[Records from a dataset]
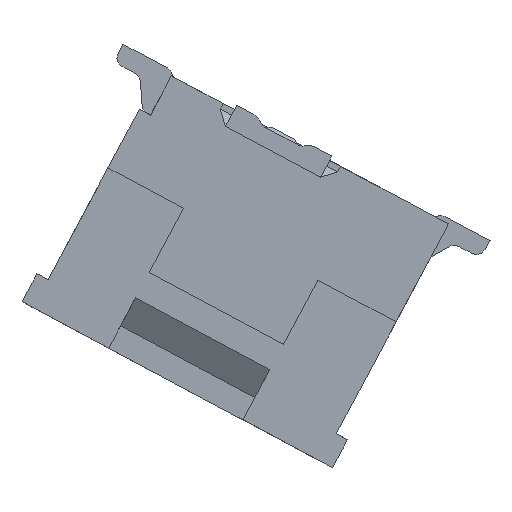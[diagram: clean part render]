
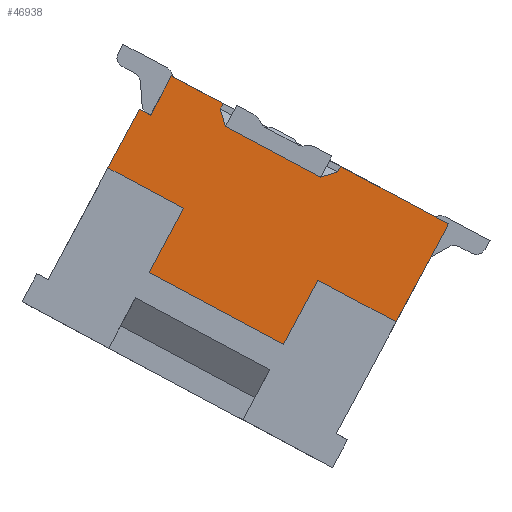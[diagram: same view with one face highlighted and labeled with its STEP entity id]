
A CAD part, front view. The second image highlights one B-rep face of the part: STEP entity #46938.
In plain terms, the highlighted planar face has unit normal (0, -1, 0).
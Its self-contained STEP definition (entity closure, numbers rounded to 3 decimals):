
#1298 = EDGE_CURVE ( 'NONE', #64714, #37675, #116425, .T. ) ;
#2745 = VECTOR ( 'NONE', #62543, 1000. ) ;
#5294 = VERTEX_POINT ( 'NONE', #73487 ) ;
#6989 = ORIENTED_EDGE ( 'NONE', *, *, #46948, .F. ) ;
#7476 = VERTEX_POINT ( 'NONE', #139364 ) ;
#8650 = DIRECTION ( 'NONE',  ( 1., 0., 0. ) ) ;
#10537 = AXIS2_PLACEMENT_3D ( 'NONE', #30902, #141410, #8650 ) ;
#11421 = VECTOR ( 'NONE', #105601, 1000. ) ;
#14564 = CARTESIAN_POINT ( 'NONE',  ( 8.242, -2.2, -1.109 ) ) ;
#16530 = CARTESIAN_POINT ( 'NONE',  ( 9.466, -2.2, -1.789 ) ) ;
#19579 = DIRECTION ( 'NONE',  ( -0.882, 0., 0.471 ) ) ;
#19731 = DIRECTION ( 'NONE',  ( 0.471, 0., 0.882 ) ) ;
#20649 = VECTOR ( 'NONE', #102829, 1000. ) ;
#23175 = EDGE_CURVE ( 'NONE', #41289, #138272, #119912, .T. ) ;
#24012 = VECTOR ( 'NONE', #61712, 1000. ) ;
#24536 = CARTESIAN_POINT ( 'NONE',  ( 5.562, -2.2, -1.032 ) ) ;
#25091 = CARTESIAN_POINT ( 'NONE',  ( 3.706, -2.2, -1.641 ) ) ;
#26282 = DIRECTION ( 'NONE',  ( 0.882, 0., -0.471 ) ) ;
#26818 = CARTESIAN_POINT ( 'NONE',  ( 5.838, -2.2, 2.134 ) ) ;
#26968 = VECTOR ( 'NONE', #19731, 1000. ) ;
#29379 = VERTEX_POINT ( 'NONE', #69529 ) ;
#30902 = CARTESIAN_POINT ( 'NONE',  ( 3.615, -2.2, -1.593 ) ) ;
#31428 = ORIENTED_EDGE ( 'NONE', *, *, #84605, .F. ) ;
#31866 = CARTESIAN_POINT ( 'NONE',  ( 5.328, -2.2, 1.613 ) ) ;
#35138 = VERTEX_POINT ( 'NONE', #70531 ) ;
#35227 = EDGE_CURVE ( 'NONE', #41683, #48380, #59140, .T. ) ;
#36135 = VECTOR ( 'NONE', #52075, 1000. ) ;
#36965 = CARTESIAN_POINT ( 'NONE',  ( 9.491, -2.2, -1.802 ) ) ;
#37640 = VECTOR ( 'NONE', #49112, 1000. ) ;
#37675 = VERTEX_POINT ( 'NONE', #41170 ) ;
#38407 = CARTESIAN_POINT ( 'NONE',  ( 5.589, -2.2, 1.458 ) ) ;
#38839 = LINE ( 'NONE', #50063, #37640 ) ;
#40812 = CARTESIAN_POINT ( 'NONE',  ( 6.689, -2.2, 1.554 ) ) ;
#41170 = CARTESIAN_POINT ( 'NONE',  ( 5.573, -2.2, -1.012 ) ) ;
#41289 = VERTEX_POINT ( 'NONE', #105408 ) ;
#41328 = DIRECTION ( 'NONE',  ( 0.29, 0., -0.957 ) ) ;
#41361 = CARTESIAN_POINT ( 'NONE',  ( 7.689, -2.2, -2.143 ) ) ;
#41683 = VERTEX_POINT ( 'NONE', #57471 ) ;
#45389 = VECTOR ( 'NONE', #143367, 1000. ) ;
#46594 = ORIENTED_EDGE ( 'NONE', *, *, #140230, .F. ) ;
#46602 = EDGE_CURVE ( 'NONE', #66069, #61673, #87581, .T. ) ;
#46849 = VECTOR ( 'NONE', #19579, 1000. ) ;
#46938 = ADVANCED_FACE ( 'NONE', ( #90487 ), #106051, .F. ) ;
#46948 = EDGE_CURVE ( 'NONE', #93379, #7476, #138701, .T. ) ;
#48380 = VERTEX_POINT ( 'NONE', #63155 ) ;
#48945 = LINE ( 'NONE', #132045, #2745 ) ;
#49112 = DIRECTION ( 'NONE',  ( 0.882, 0., -0.471 ) ) ;
#49371 = EDGE_CURVE ( 'NONE', #138272, #35138, #130184, .T. ) ;
#50063 = CARTESIAN_POINT ( 'NONE',  ( 8.306, -2.2, 0.476 ) ) ;
#52075 = DIRECTION ( 'NONE',  ( -0.471, 0., -0.882 ) ) ;
#55072 = LINE ( 'NONE', #132195, #103517 ) ;
#56384 = ORIENTED_EDGE ( 'NONE', *, *, #66305, .T. ) ;
#57471 = CARTESIAN_POINT ( 'NONE',  ( 8.276, -2.2, 0.492 ) ) ;
#59140 = LINE ( 'NONE', #73094, #105443 ) ;
#59463 = ORIENTED_EDGE ( 'NONE', *, *, #143847, .F. ) ;
#59848 = VERTEX_POINT ( 'NONE', #83977 ) ;
#60030 = LINE ( 'NONE', #14564, #11421 ) ;
#61673 = VERTEX_POINT ( 'NONE', #114181 ) ;
#61712 = DIRECTION ( 'NONE',  ( 0.471, 0., 0.882 ) ) ;
#62543 = DIRECTION ( 'NONE',  ( 0.471, 0., 0.882 ) ) ;
#63155 = CARTESIAN_POINT ( 'NONE',  ( 8.546, -2.2, 0.574 ) ) ;
#64714 = VERTEX_POINT ( 'NONE', #41361 ) ;
#66069 = VERTEX_POINT ( 'NONE', #16530 ) ;
#66305 = EDGE_CURVE ( 'NONE', #93379, #129547, #75041, .T. ) ;
#66773 = ORIENTED_EDGE ( 'NONE', *, *, #80913, .F. ) ;
#68301 = LINE ( 'NONE', #38407, #24012 ) ;
#69529 = CARTESIAN_POINT ( 'NONE',  ( 6.115, -2.2, 0.002 ) ) ;
#70531 = CARTESIAN_POINT ( 'NONE',  ( 6.694, -2.2, 1.564 ) ) ;
#71030 = CARTESIAN_POINT ( 'NONE',  ( 10.331, -2.2, -0.171 ) ) ;
#71100 = VECTOR ( 'NONE', #92376, 1000. ) ;
#71765 = VECTOR ( 'NONE', #126056, 1000. ) ;
#73094 = CARTESIAN_POINT ( 'NONE',  ( 8.556, -2.2, 0.577 ) ) ;
#73146 = ORIENTED_EDGE ( 'NONE', *, *, #46602, .F. ) ;
#73487 = CARTESIAN_POINT ( 'NONE',  ( 6.776, -2.2, 1.293 ) ) ;
#73871 = VECTOR ( 'NONE', #124303, 1000. ) ;
#75041 = LINE ( 'NONE', #25091, #73871 ) ;
#75844 = ORIENTED_EDGE ( 'NONE', *, *, #49371, .F. ) ;
#80913 = EDGE_CURVE ( 'NONE', #35138, #5294, #55072, .T. ) ;
#81094 = EDGE_CURVE ( 'NONE', #61673, #64714, #60030, .T. ) ;
#82517 = ORIENTED_EDGE ( 'NONE', *, *, #94786, .F. ) ;
#83022 = LINE ( 'NONE', #135730, #131450 ) ;
#83977 = CARTESIAN_POINT ( 'NONE',  ( 8.593, -2.2, 0.662 ) ) ;
#84442 = CARTESIAN_POINT ( 'NONE',  ( 6.139, -2.2, -0.01 ) ) ;
#84605 = EDGE_CURVE ( 'NONE', #29379, #129547, #143791, .T. ) ;
#85797 = ORIENTED_EDGE ( 'NONE', *, *, #81094, .F. ) ;
#87581 = LINE ( 'NONE', #36965, #135547 ) ;
#90487 = FACE_OUTER_BOUND ( 'NONE', #122423, .T. ) ;
#92376 = DIRECTION ( 'NONE',  ( -0.471, 0., -0.882 ) ) ;
#93379 = VERTEX_POINT ( 'NONE', #120658 ) ;
#94786 = EDGE_CURVE ( 'NONE', #48380, #59848, #48945, .T. ) ;
#97745 = CARTESIAN_POINT ( 'NONE',  ( 10.291, -2.2, -0.246 ) ) ;
#100063 = ORIENTED_EDGE ( 'NONE', *, *, #23175, .F. ) ;
#102829 = DIRECTION ( 'NONE',  ( -0.882, 0., 0.471 ) ) ;
#103517 = VECTOR ( 'NONE', #41328, 1000. ) ;
#105408 = CARTESIAN_POINT ( 'NONE',  ( 5.926, -2.2, 2.088 ) ) ;
#105443 = VECTOR ( 'NONE', #124223, 1000. ) ;
#105601 = DIRECTION ( 'NONE',  ( -0.471, 0., -0.882 ) ) ;
#106051 = PLANE ( 'NONE',  #10537 ) ;
#108014 = ORIENTED_EDGE ( 'NONE', *, *, #133437, .F. ) ;
#109968 = CARTESIAN_POINT ( 'NONE',  ( 6.741, -2.2, 1.652 ) ) ;
#110978 = CARTESIAN_POINT ( 'NONE',  ( 7.732, -2.2, -2.166 ) ) ;
#114181 = CARTESIAN_POINT ( 'NONE',  ( 8.232, -2.2, -1.129 ) ) ;
#114931 = DIRECTION ( 'NONE',  ( -0.882, 0., 0.471 ) ) ;
#116425 = LINE ( 'NONE', #110978, #20649 ) ;
#118291 = CARTESIAN_POINT ( 'NONE',  ( 4.924, -2.2, 0.639 ) ) ;
#118774 = LINE ( 'NONE', #71030, #71100 ) ;
#119912 = LINE ( 'NONE', #26818, #71765 ) ;
#120658 = CARTESIAN_POINT ( 'NONE',  ( 5.419, -2.2, 1.565 ) ) ;
#120894 = ORIENTED_EDGE ( 'NONE', *, *, #128198, .F. ) ;
#122361 = VERTEX_POINT ( 'NONE', #97745 ) ;
#122423 = EDGE_LOOP ( 'NONE', ( #108014, #6989, #56384, #31428, #120894, #137200, #85797, #73146, #59463, #46594, #82517, #128330, #133519, #66773, #75844, #100063 ) ) ;
#124223 = DIRECTION ( 'NONE',  ( 0.957, 0., 0.29 ) ) ;
#124303 = DIRECTION ( 'NONE',  ( -0.471, 0., -0.882 ) ) ;
#126047 = LINE ( 'NONE', #24536, #26968 ) ;
#126056 = DIRECTION ( 'NONE',  ( 0.882, 0., -0.471 ) ) ;
#128198 = EDGE_CURVE ( 'NONE', #37675, #29379, #126047, .T. ) ;
#128330 = ORIENTED_EDGE ( 'NONE', *, *, #35227, .F. ) ;
#129547 = VERTEX_POINT ( 'NONE', #118291 ) ;
#130184 = LINE ( 'NONE', #40812, #36135 ) ;
#131450 = VECTOR ( 'NONE', #26282, 1000. ) ;
#131511 = EDGE_CURVE ( 'NONE', #5294, #41683, #38839, .T. ) ;
#132045 = CARTESIAN_POINT ( 'NONE',  ( 8.598, -2.2, 0.671 ) ) ;
#132195 = CARTESIAN_POINT ( 'NONE',  ( 6.779, -2.2, 1.283 ) ) ;
#133437 = EDGE_CURVE ( 'NONE', #7476, #41289, #68301, .T. ) ;
#133519 = ORIENTED_EDGE ( 'NONE', *, *, #131511, .F. ) ;
#135547 = VECTOR ( 'NONE', #114931, 1000. ) ;
#135730 = CARTESIAN_POINT ( 'NONE',  ( 5.838, -2.2, 2.134 ) ) ;
#137200 = ORIENTED_EDGE ( 'NONE', *, *, #1298, .F. ) ;
#138272 = VERTEX_POINT ( 'NONE', #109968 ) ;
#138701 = LINE ( 'NONE', #31866, #45389 ) ;
#139364 = CARTESIAN_POINT ( 'NONE',  ( 5.596, -2.2, 1.47 ) ) ;
#140230 = EDGE_CURVE ( 'NONE', #59848, #122361, #83022, .T. ) ;
#141410 = DIRECTION ( 'NONE',  ( 0., 1., 0. ) ) ;
#143367 = DIRECTION ( 'NONE',  ( 0.882, 0., -0.471 ) ) ;
#143791 = LINE ( 'NONE', #84442, #46849 ) ;
#143847 = EDGE_CURVE ( 'NONE', #122361, #66069, #118774, .T. ) ;

• **Exercise prompt**
Out of the data above, set down the lines from the one with "#80913 = EDGE_CURVE" to the one with "#83977 = CARTESIAN_POINT", both included, exactly as written and with no additions.

• **Result of the exercise**
#80913 = EDGE_CURVE ( 'NONE', #35138, #5294, #55072, .T. ) ;
#81094 = EDGE_CURVE ( 'NONE', #61673, #64714, #60030, .T. ) ;
#82517 = ORIENTED_EDGE ( 'NONE', *, *, #94786, .F. ) ;
#83022 = LINE ( 'NONE', #135730, #131450 ) ;
#83977 = CARTESIAN_POINT ( 'NONE',  ( 8.593, -2.2, 0.662 ) ) ;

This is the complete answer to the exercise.